Just had a quick question regarding SSD's and any kind of maintenance that I should undertake as the user?


I've just installed the Crucial C300 256GB SSD into my Macbook Pro 13", 4GB Ram, 2.53ghz (Mid 09') and the difference is night and day between this and the old HDD.


However, I was just wondering if there is any kind of maintenance that should be done to the SSD? I've read in places that over time with the read/writes performance starts to dip...


Any advice is welcome and I'm hoping the above is enough information.


Cheers.

Macbook Pro 13", 250GB, 4GB Ram, 2.53ghz (Mid 09'), Mac OS X (10.6.5), IPhone 4 32GB

Posted on May 5, 2011 4:23 PM

Reply
20 replies

May 16, 2011 4:58 PM in response to bullett007

Aweseome. I'm getting back into Macs again. I go through phases so I picked up a mini from ebay which I should get this week and i've been investigating using my SSD in it and that's what I found. The real question is, how do we know it's actually performing the TRIM operations and not just changing what the HD diag tells us? I guess we'll never know. Glad it helped you out!

May 16, 2011 6:00 PM in response to ridergroov

Hey ridergroov,


Great to here you've picked up a Mac, even better if you shall be using an SSD in it also!!!


In regards to the TRIM operations, I would say that since installing the SSD, I have noticed it slow in performance over the past few weeks, not a big difference but one that was noticeable. Since running the patch and rebooting, it has that "snap" to it again when booting/opening applications etc etc...


I know that's not exactly conclusive evidence, but if like me you're into your tech, you'l notice the slight differences. 🙂


Thanks for the link, forever in your debt.

May 16, 2011 8:56 PM in response to bullett007

That TRIM enabler has caused all kinds of issues, from total freezes to 30-second delays--especially in that model drive you are using.

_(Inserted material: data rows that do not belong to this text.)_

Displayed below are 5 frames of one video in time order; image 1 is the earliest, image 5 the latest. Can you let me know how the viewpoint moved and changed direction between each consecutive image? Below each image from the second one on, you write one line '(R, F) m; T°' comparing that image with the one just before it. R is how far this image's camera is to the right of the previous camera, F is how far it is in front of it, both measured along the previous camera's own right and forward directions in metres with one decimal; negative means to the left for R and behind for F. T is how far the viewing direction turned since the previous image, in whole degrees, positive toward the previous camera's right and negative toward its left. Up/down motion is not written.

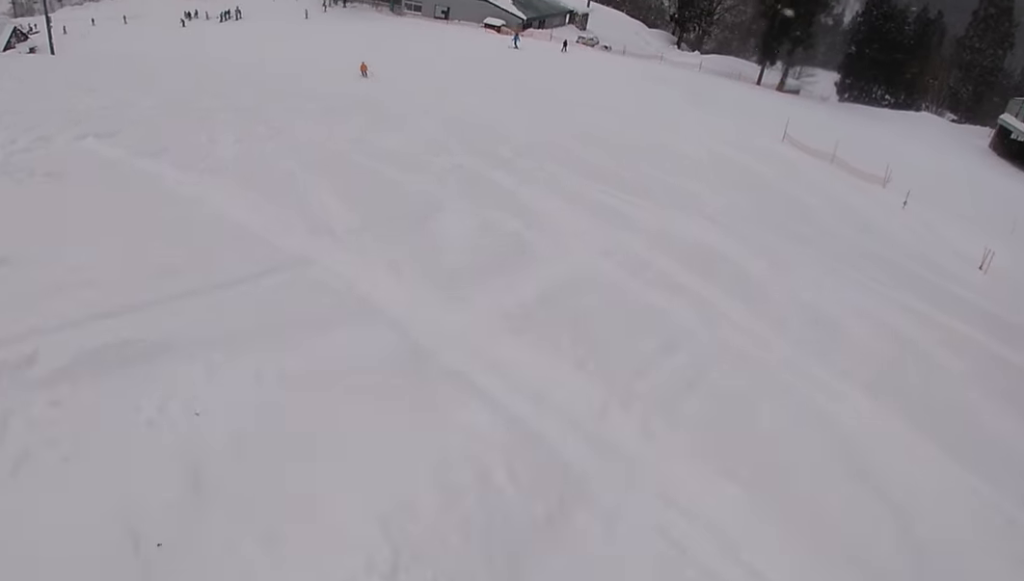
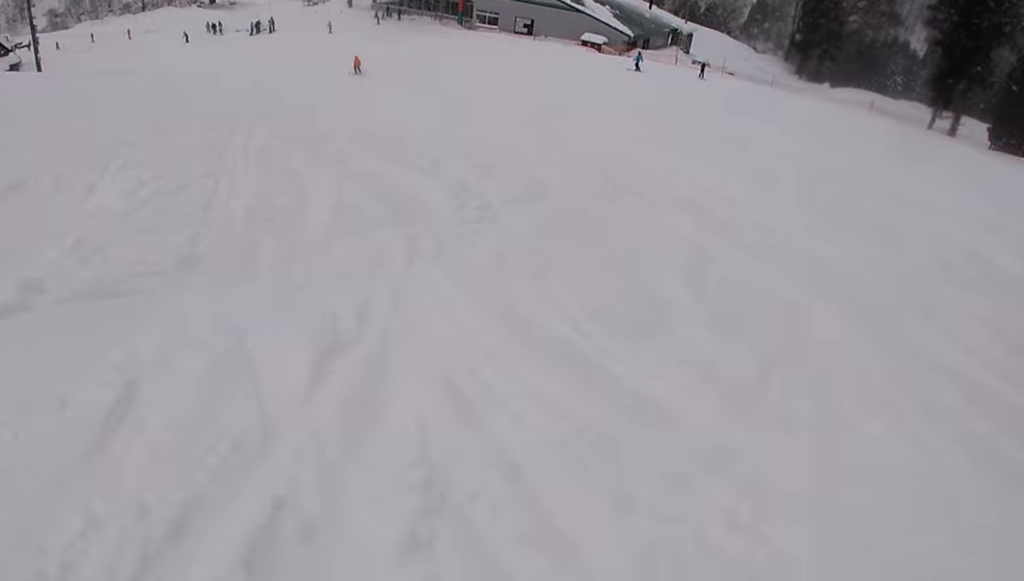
(-0.6, +20.0) m; -6°
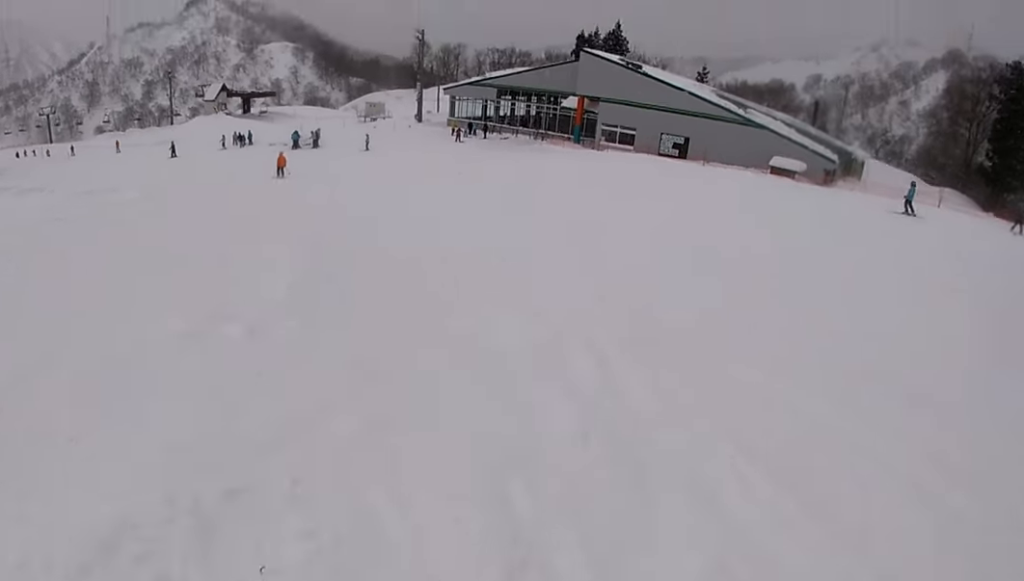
(-0.1, +26.7) m; +3°
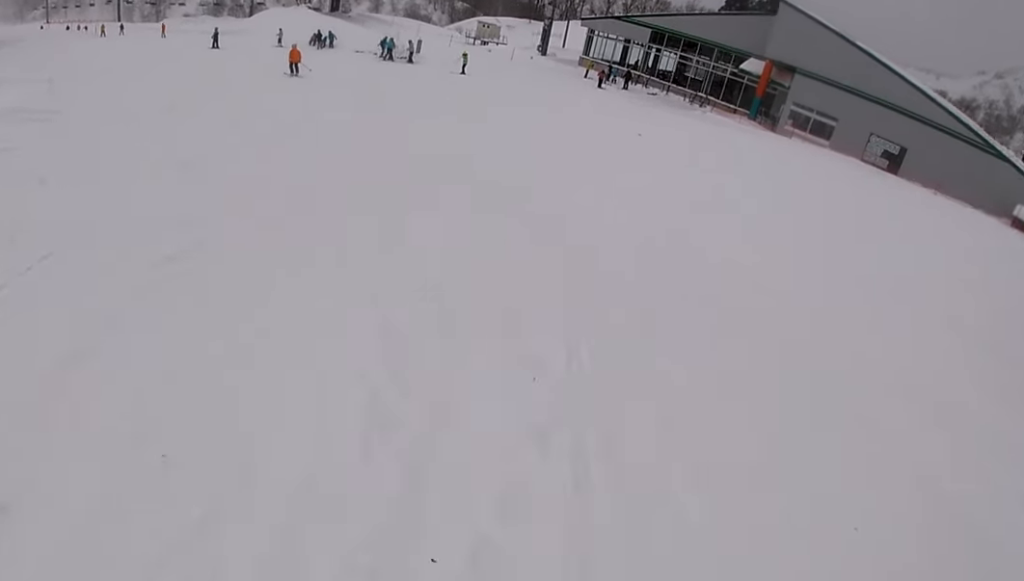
(-0.2, +13.7) m; -8°
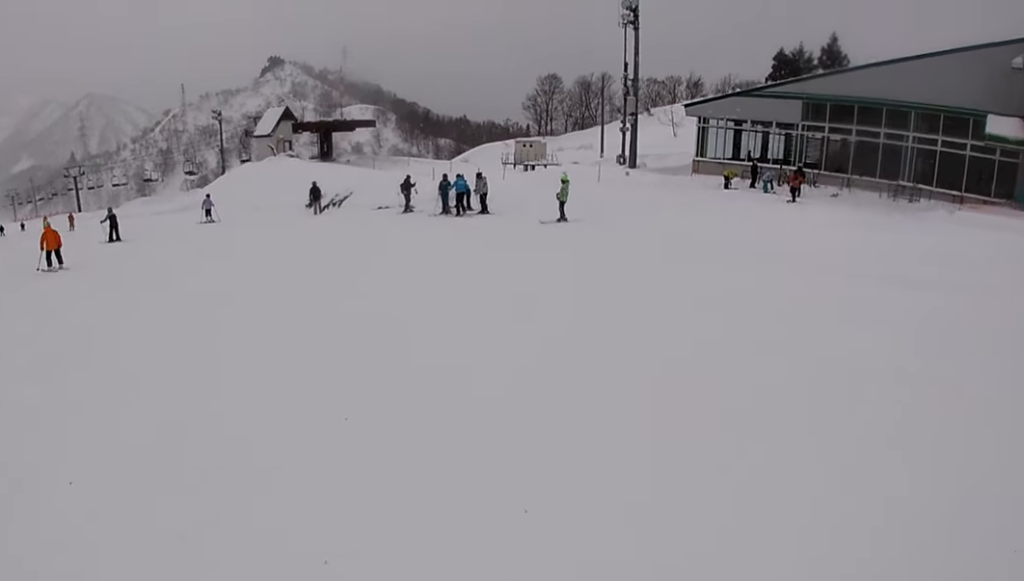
(-2.9, +20.8) m; +3°
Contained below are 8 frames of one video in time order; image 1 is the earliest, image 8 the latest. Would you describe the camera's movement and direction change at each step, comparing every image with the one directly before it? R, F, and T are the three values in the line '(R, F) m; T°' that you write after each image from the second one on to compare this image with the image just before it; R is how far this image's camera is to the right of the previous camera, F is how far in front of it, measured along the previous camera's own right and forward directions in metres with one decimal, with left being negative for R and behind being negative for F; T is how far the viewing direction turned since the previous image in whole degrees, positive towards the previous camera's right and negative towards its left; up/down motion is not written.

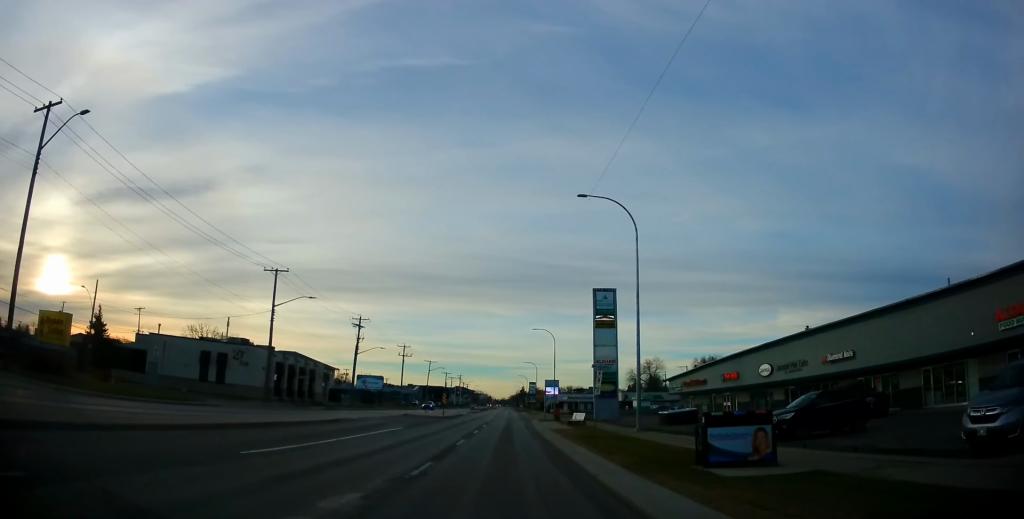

I would advice anyone buying a SSD for a Mac laptop, to buy one that uses a SandForce 2281 controller--like an OCZ Vertex 3 or OWC's latest SATA III SSD. It incorporates "garbage collection" technology that eliminates the need for TRIM.





User uploaded file


17" 2.2GHz i7 Quad-Core MacBook Pro  8G RAM  750G HD + OCZ Vertex 3 SSD Boot HD 

May 18, 2011 4:41 AM in response to dm_dimon

actually in reply to Mac Medic & Linc Davis


that partial hack does exactly this:

wipes "Apple SSD" string with zeroes in two places in driver, thus effectively disabling Apple's check for SSD manufacturer (string compare with zero string)

Actually you, if a bit paranoid, can do it yourself in any HEX editor


As TRIM is standard ATA command - so any drive, supporting TRIM, will do the same (from external POW)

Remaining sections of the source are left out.